大の冒険者を一撃で昏睡状態に陥らせる悪魔の膂力をぶつけられても無事で、そのうえで敵の部位をむしり取る人間離れした握力――もはやトゥームにはまったくもって理解が及ばなかった。
及ばないが、しかし。
「お前、なんか他と違うよな。万が一でも逃げられたら面倒そうなんでこいつは奪らせてもらったぜ……別に構わねーよな? だってこれから死ぬんだ。羽なんてあってもなくても一緒だろ?」
凄絶な笑みを浮かべながら、身の丈で五回りは上回っていようかという悪魔を相手にそんなことを宣えるナインが、正しく武闘王と讃えられるだけの少女であることはどうにか認識した。

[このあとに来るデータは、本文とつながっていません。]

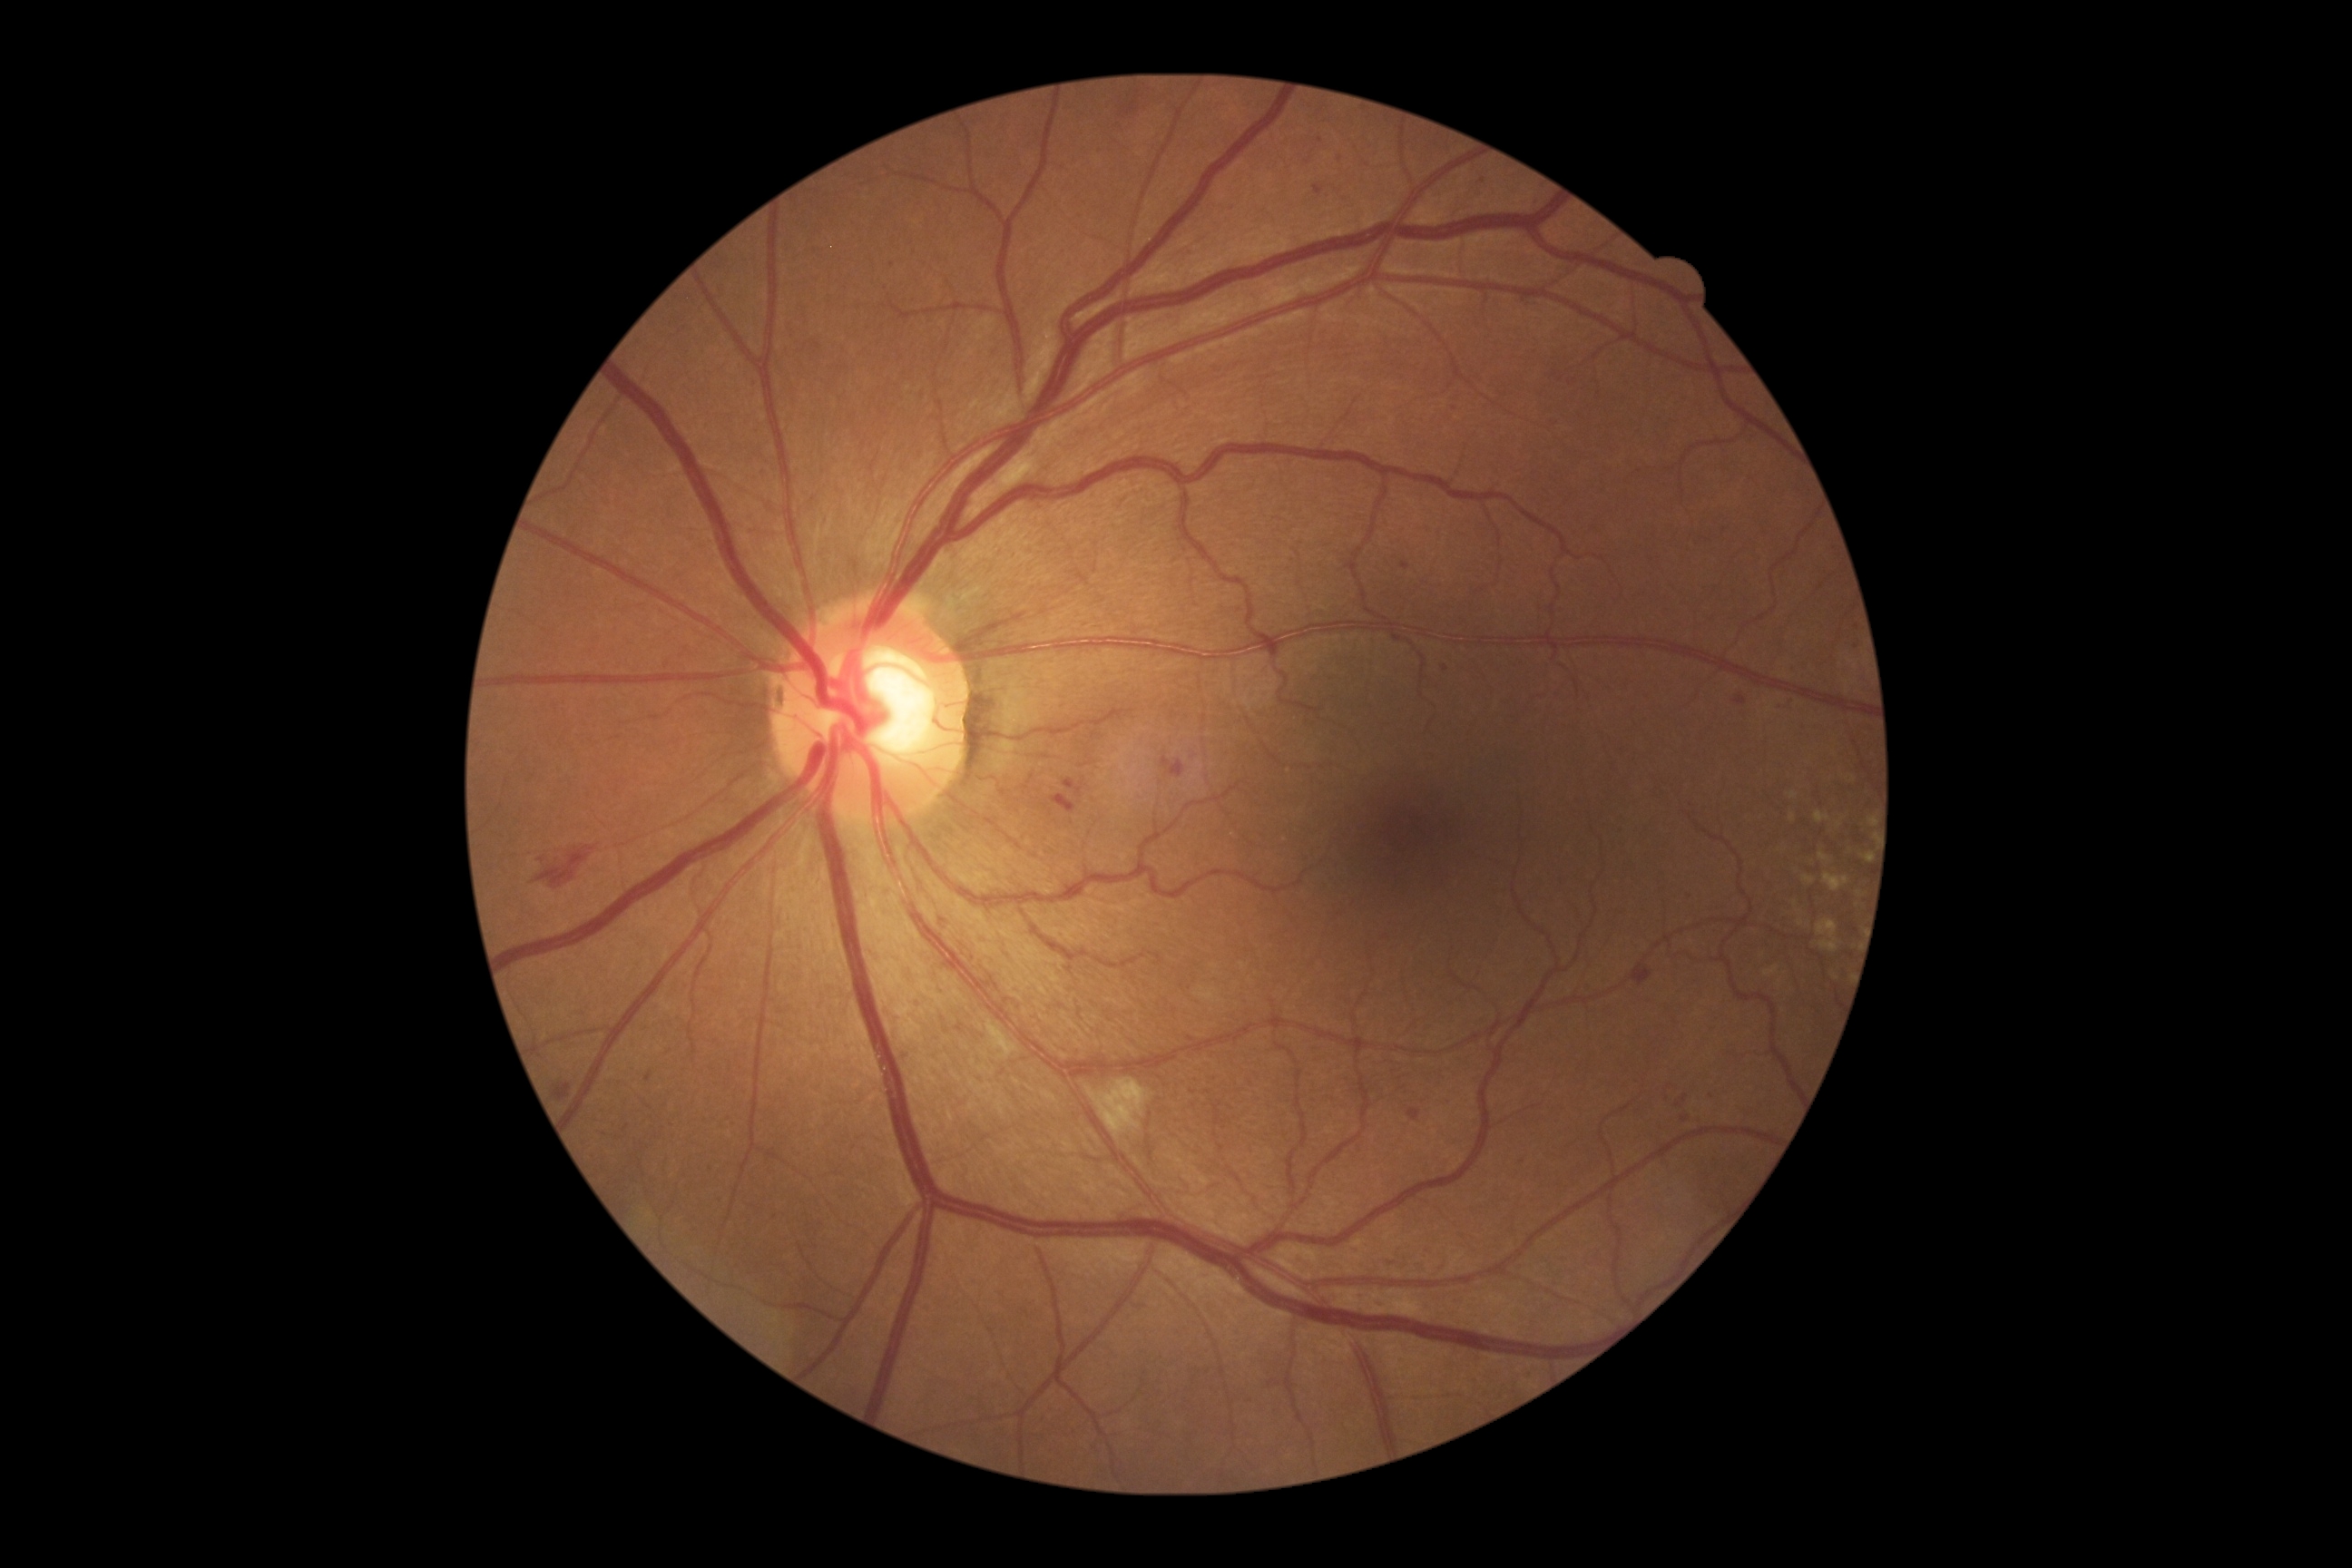

<lesions partial="true">
  <dr_grade>2</dr_grade>
  <ex />
  <he>Rect(1052, 796, 1077, 814), Rect(1064, 779, 1083, 798), Rect(1161, 758, 1186, 779), Rect(1631, 961, 1652, 986), Rect(553, 1084, 571, 1102), Rect(937, 917, 950, 928), Rect(536, 847, 598, 888)</he>
  <ma partial="true">Rect(1313, 184, 1326, 195), Rect(1471, 195, 1480, 202), Rect(1402, 562, 1411, 571), Rect(1407, 1108, 1422, 1122), Rect(1351, 1246, 1362, 1255), Rect(710, 1168, 718, 1175)</ma>
  <ma_small_approx>{"x": 1857, "y": 647}, {"x": 1686, "y": 1098}, {"x": 893, "y": 265}, {"x": 1321, "y": 141}, {"x": 1340, "y": 159}, {"x": 1483, "y": 180}, {"x": 1536, "y": 204}</ma_small_approx>
  <se>Rect(1086, 1079, 1150, 1139), Rect(986, 1021, 1019, 1061), Rect(999, 451, 1037, 489)</se>
</lesions>

この時点でトゥームは彼女とエディを心配することを止めた。
そして自身の戦闘にだけ集中しようとして――しかしそれもできなかった。
何故なら次の瞬間には、ナインと巨体マネスの戦いに決着がついていたからだ。
それは時間にしてたった一秒程度のこと。しかし当事者たちにはその数倍から数十倍はあろうかと感じられるほどの濃密なやり取りで持ってその戦いはハイライトを迎えたのだ。
先手はマネス側。
少女を他の有象無象とは少々異なる敵であると認識したマネスは、中級悪魔としての異能を存分に発揮させることを選択する。
そこで彼はまず腕を分裂させ、片側数十本という数にまで増殖させた。その一本一本の先に恐竜の牙を思わせるような鋭く巨大な爪を置き、そしてそれらをまとめて、腕というよりも触手か鞭かといった具合に大きくしならせた。やがて必然的に起こるしなりの反動がどこを目指すかなど言うまでもない――その恐るべき鞭撃は全てナインただ一人へと収束していく。

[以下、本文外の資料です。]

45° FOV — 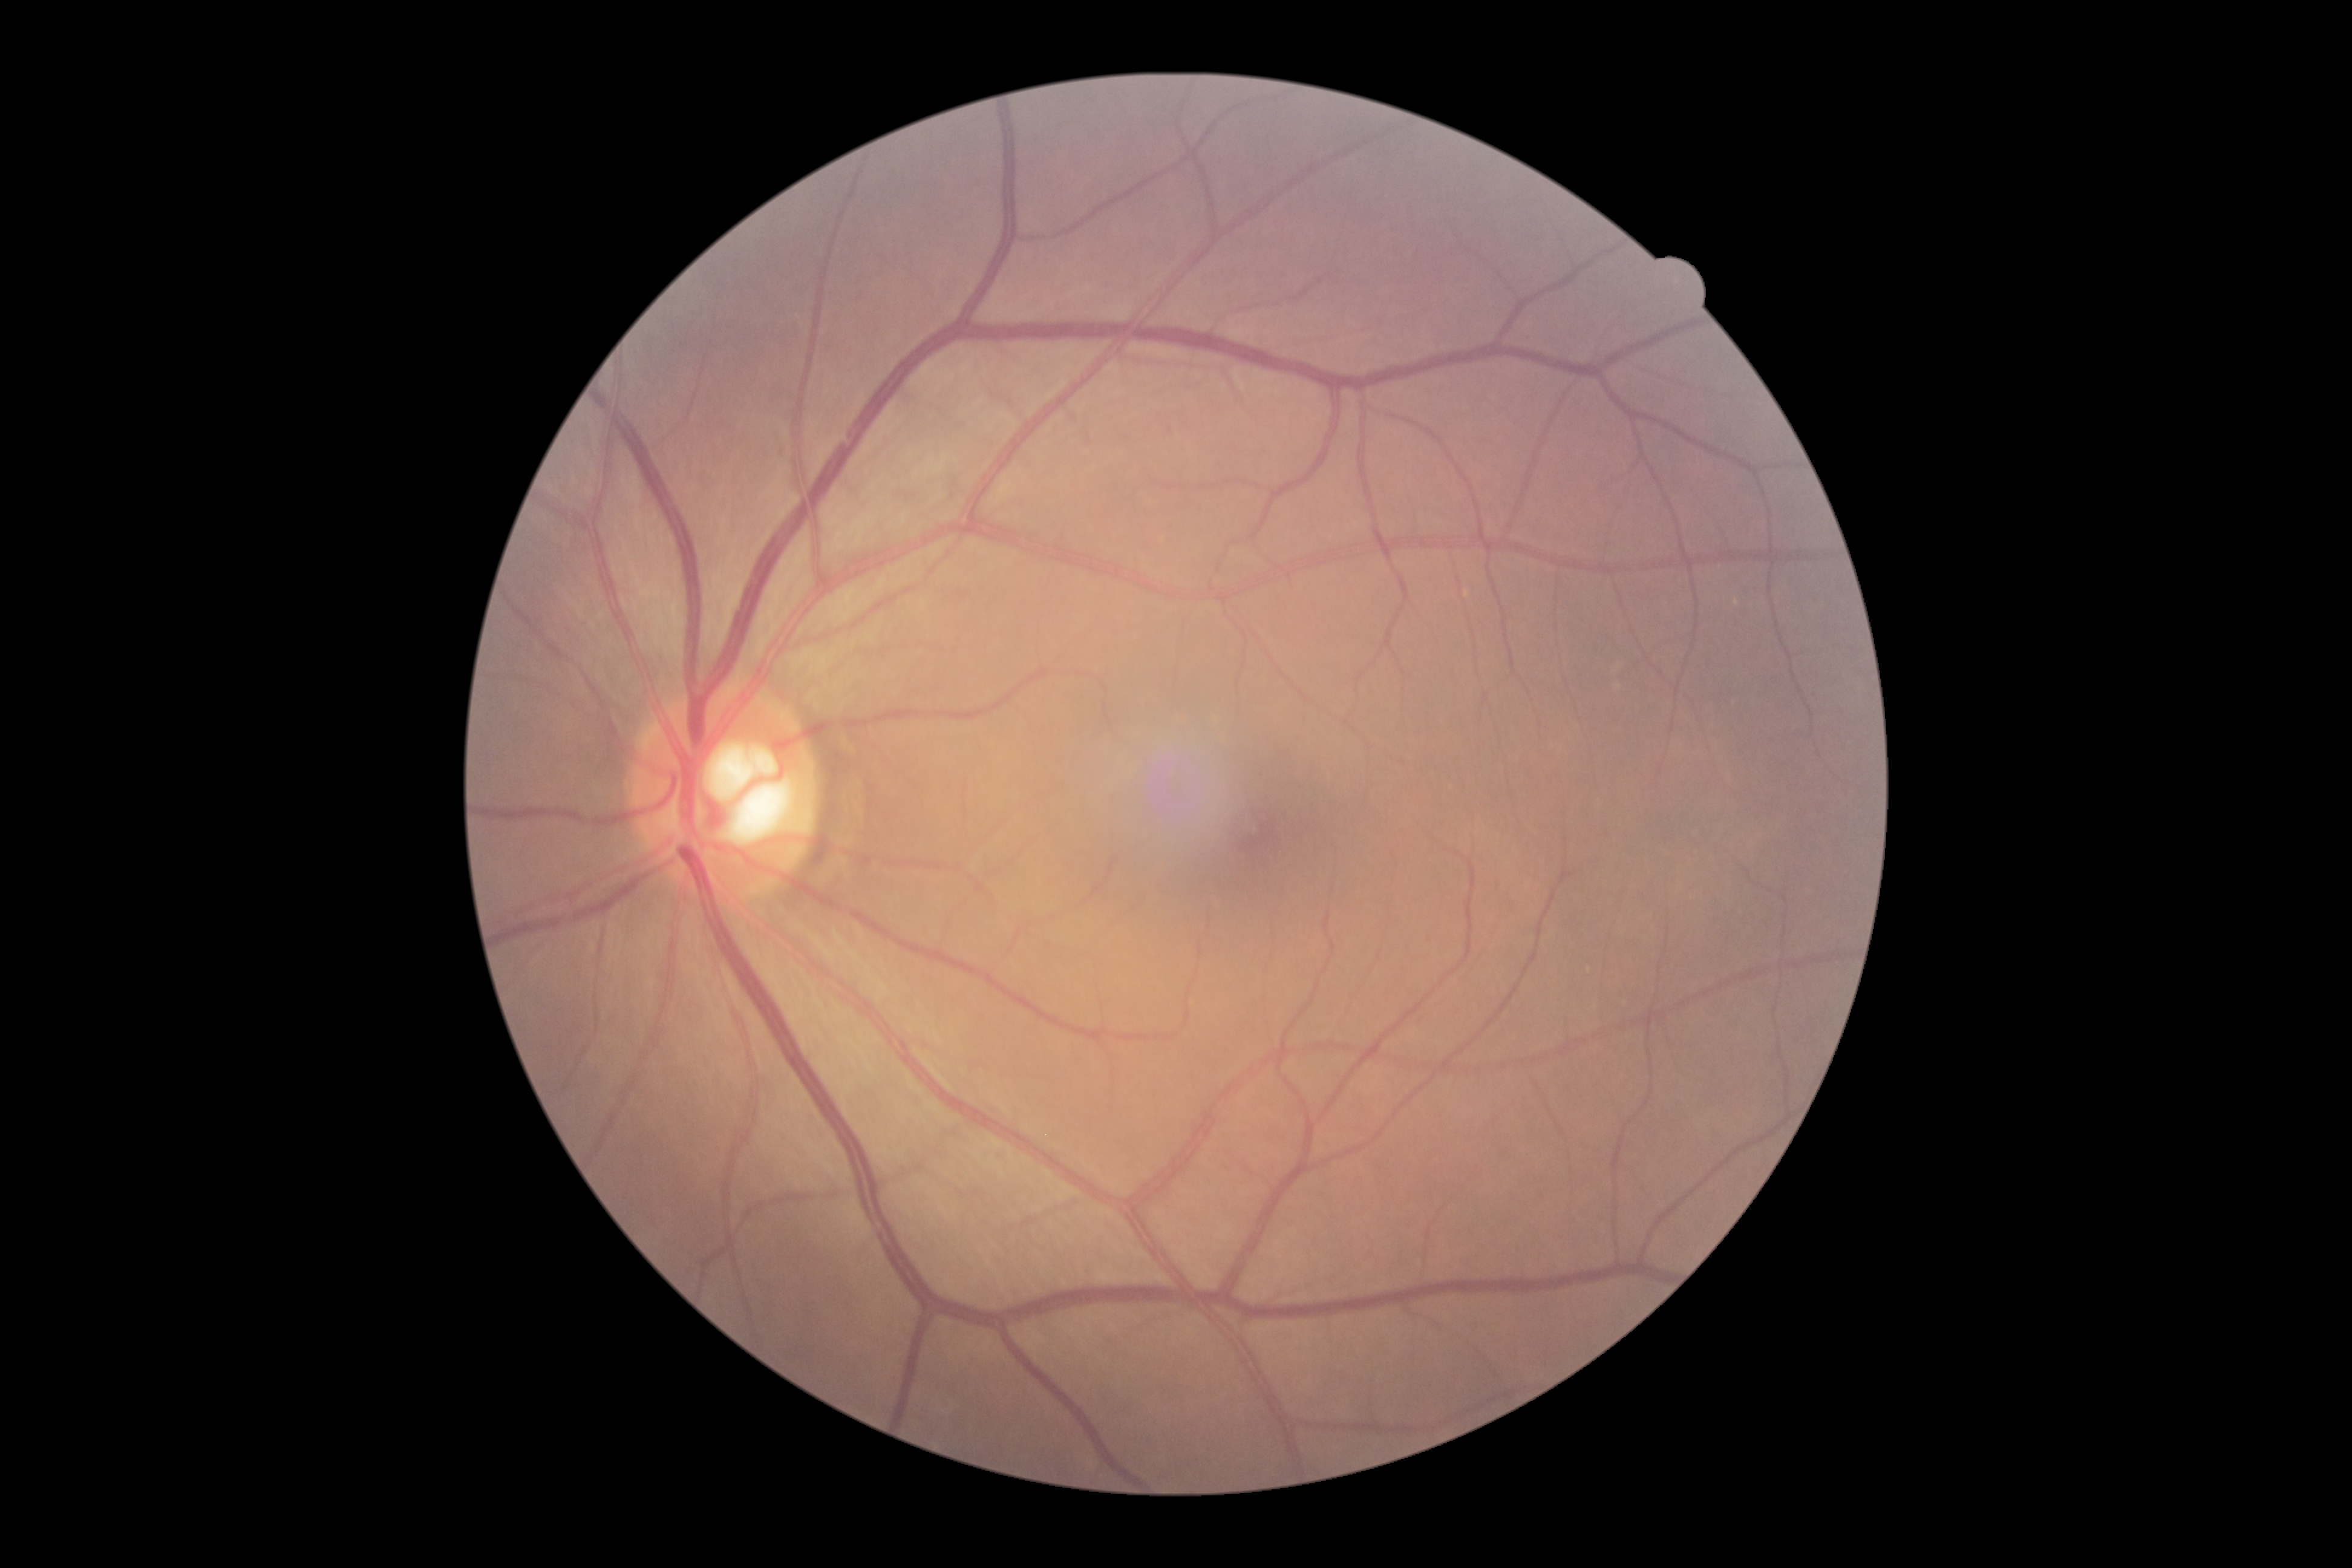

亜音速で迫る爪爪爪爪爪爪爪爪爪爪爪爪爪爪爪爪爪爪爪爪爪爪爪爪爪爪爪爪爪爪爪爪爪爪爪爪爪爪爪爪爪爪爪爪爪爪爪爪爪爪爪爪爪爪爪爪爪爪爪爪爪爪――ナインはそこへ身を躍り出した。
怯まず、竦まず、顧みず。
暴力の権化としか言いようがない巨体マネスの鮮烈なまでの攻撃に、少女は策を弄することもせず。
ただ単純に。
それ以上の暴力によって対抗することを選ぶ。
だん!
跳躍する音は軽やかさと重さを兼ね備えたもの。自ら望んで爪の雨を浴びるように跳び出したナイン。
それを視認したマネスは、その次の瞬間には自身の腕が――総数にして百を超える左右の鞭が丸ごと引き千切られたことに驚愕し。

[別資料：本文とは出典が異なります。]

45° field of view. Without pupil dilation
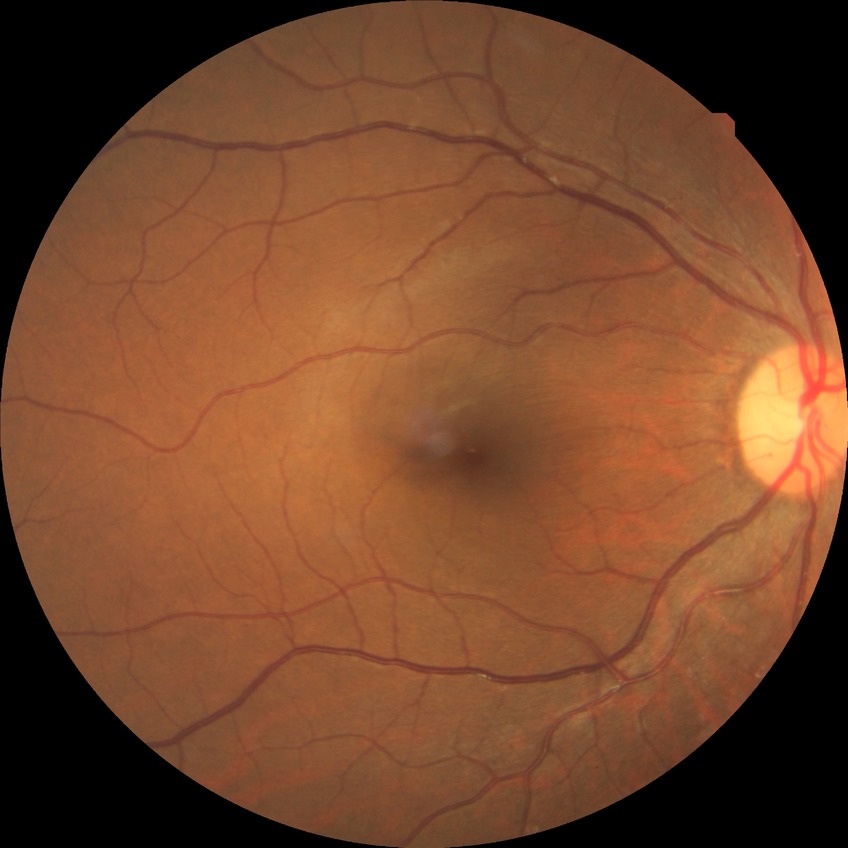
Diabetic retinopathy (DR): NDR (no diabetic retinopathy).

それを為した当人が既に眼前に迫っていることに再度驚愕し。
度し難いほどの速度で拳が振るわれるのをしかとその目に焼き付け――そして。
表現しきれない圧倒的なまでの衝撃をその身に受けた。
千切り取られ放り捨てられた触手たちがまるで血しぶきのように舞い散る中で――中級悪魔はその命まで呆気なく散らした。
向かい合うこと、僅か一秒。その短くも激しい戦闘の仔細を目にすることができた者は残念ながらこの場には一人もいなかったが、崩れゆく巨体マネスが少女に敗北したことだけは誰の目にも明らかだった。
その強さから悪魔たちの中核ともなっていた強敵。
彼の死を知った戦場の一部の者たちは大いに士気を上げた。
「ようし……もうひと踏ん張りってところか」
最も厄介そうな一体を無事に倒したナインは、勢いを増している冒険者たちの戦いにすぐさま加勢をして、それからしばらく。
あれだけうじゃうじゃと街中に溢れていたマネスがやがてその姿を完全に消すのに、そう大した時間はかからなかった。